TASK INSTRUCTIONS → The copy you produce must hold every record exactly, and none of the images.

------------------------------------

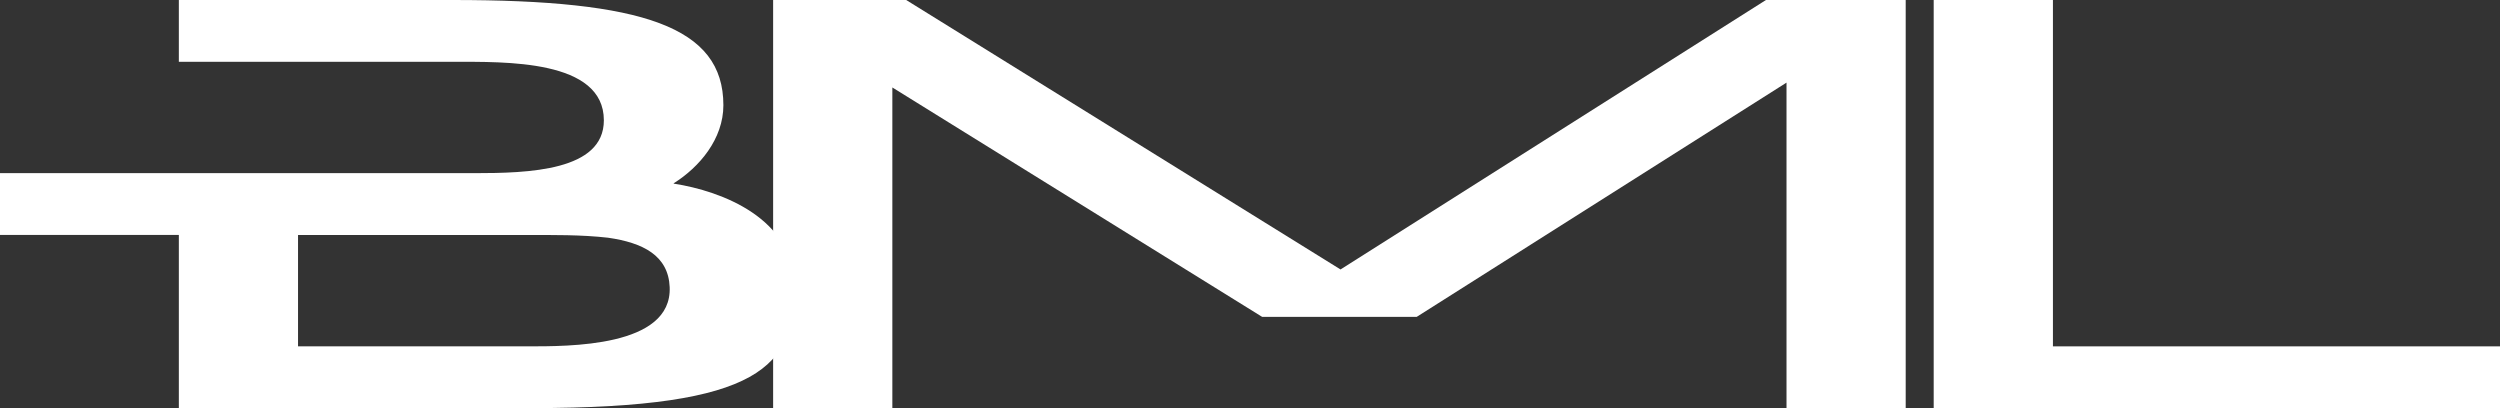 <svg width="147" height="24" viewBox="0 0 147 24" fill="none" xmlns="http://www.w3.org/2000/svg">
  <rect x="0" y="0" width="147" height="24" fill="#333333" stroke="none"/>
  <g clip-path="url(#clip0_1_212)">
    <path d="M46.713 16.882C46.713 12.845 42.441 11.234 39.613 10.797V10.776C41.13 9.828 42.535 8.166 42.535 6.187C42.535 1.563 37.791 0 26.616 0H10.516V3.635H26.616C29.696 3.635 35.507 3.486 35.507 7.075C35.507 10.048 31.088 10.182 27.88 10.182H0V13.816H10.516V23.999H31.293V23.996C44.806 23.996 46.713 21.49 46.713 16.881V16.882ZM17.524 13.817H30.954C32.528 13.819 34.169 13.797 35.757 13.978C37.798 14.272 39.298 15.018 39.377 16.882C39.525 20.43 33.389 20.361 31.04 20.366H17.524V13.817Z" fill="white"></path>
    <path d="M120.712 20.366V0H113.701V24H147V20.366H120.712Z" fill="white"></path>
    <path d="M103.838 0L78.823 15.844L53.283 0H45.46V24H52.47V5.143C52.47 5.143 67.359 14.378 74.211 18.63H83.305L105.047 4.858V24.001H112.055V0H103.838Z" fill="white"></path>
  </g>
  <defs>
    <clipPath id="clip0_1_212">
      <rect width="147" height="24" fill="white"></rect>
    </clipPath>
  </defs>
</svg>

------------------------------------

TASK RESULT →
 <svg width="147" height="24" viewBox="0 0 147 24" fill="none" xmlns="http://www.w3.org/2000/svg">
  <rect x="0" y="0" width="147" height="24" fill="#333333" stroke="none"/>
  <g clip-path="url(#clip0_1_212)">
    <path d="M46.713 16.882C46.713 12.845 42.441 11.234 39.613 10.797V10.776C41.13 9.828 42.535 8.166 42.535 6.187C42.535 1.563 37.791 0 26.616 0H10.516V3.635H26.616C29.696 3.635 35.507 3.486 35.507 7.075C35.507 10.048 31.088 10.182 27.88 10.182H0V13.816H10.516V23.999H31.293V23.996C44.806 23.996 46.713 21.49 46.713 16.881V16.882ZM17.524 13.817H30.954C32.528 13.819 34.169 13.797 35.757 13.978C37.798 14.272 39.298 15.018 39.377 16.882C39.525 20.43 33.389 20.361 31.04 20.366H17.524V13.817Z" fill="white"></path>
    <path d="M120.712 20.366V0H113.701V24H147V20.366H120.712Z" fill="white"></path>
    <path d="M103.838 0L78.823 15.844L53.283 0H45.46V24H52.47V5.143C52.47 5.143 67.359 14.378 74.211 18.63H83.305L105.047 4.858V24.001H112.055V0H103.838Z" fill="white"></path>
  </g>
  <defs>
    <clipPath id="clip0_1_212">
      <rect width="147" height="24" fill="white"></rect>
    </clipPath>
  </defs>
</svg>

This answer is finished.